__Task instructions__: What is the number of lines in the following data that contain "unchanged"? Answer with the number alone.

__Data for this exercise__:

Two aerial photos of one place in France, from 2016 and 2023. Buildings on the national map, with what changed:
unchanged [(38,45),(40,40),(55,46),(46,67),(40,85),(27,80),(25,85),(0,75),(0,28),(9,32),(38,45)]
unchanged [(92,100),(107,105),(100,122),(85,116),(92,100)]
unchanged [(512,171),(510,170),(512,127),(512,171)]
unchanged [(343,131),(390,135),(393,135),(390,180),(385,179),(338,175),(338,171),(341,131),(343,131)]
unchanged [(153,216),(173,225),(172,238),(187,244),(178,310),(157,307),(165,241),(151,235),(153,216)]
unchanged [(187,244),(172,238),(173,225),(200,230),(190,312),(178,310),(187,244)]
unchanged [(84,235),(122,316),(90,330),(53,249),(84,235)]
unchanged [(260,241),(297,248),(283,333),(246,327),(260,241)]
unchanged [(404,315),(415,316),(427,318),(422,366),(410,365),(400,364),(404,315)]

__Response to this task__: 9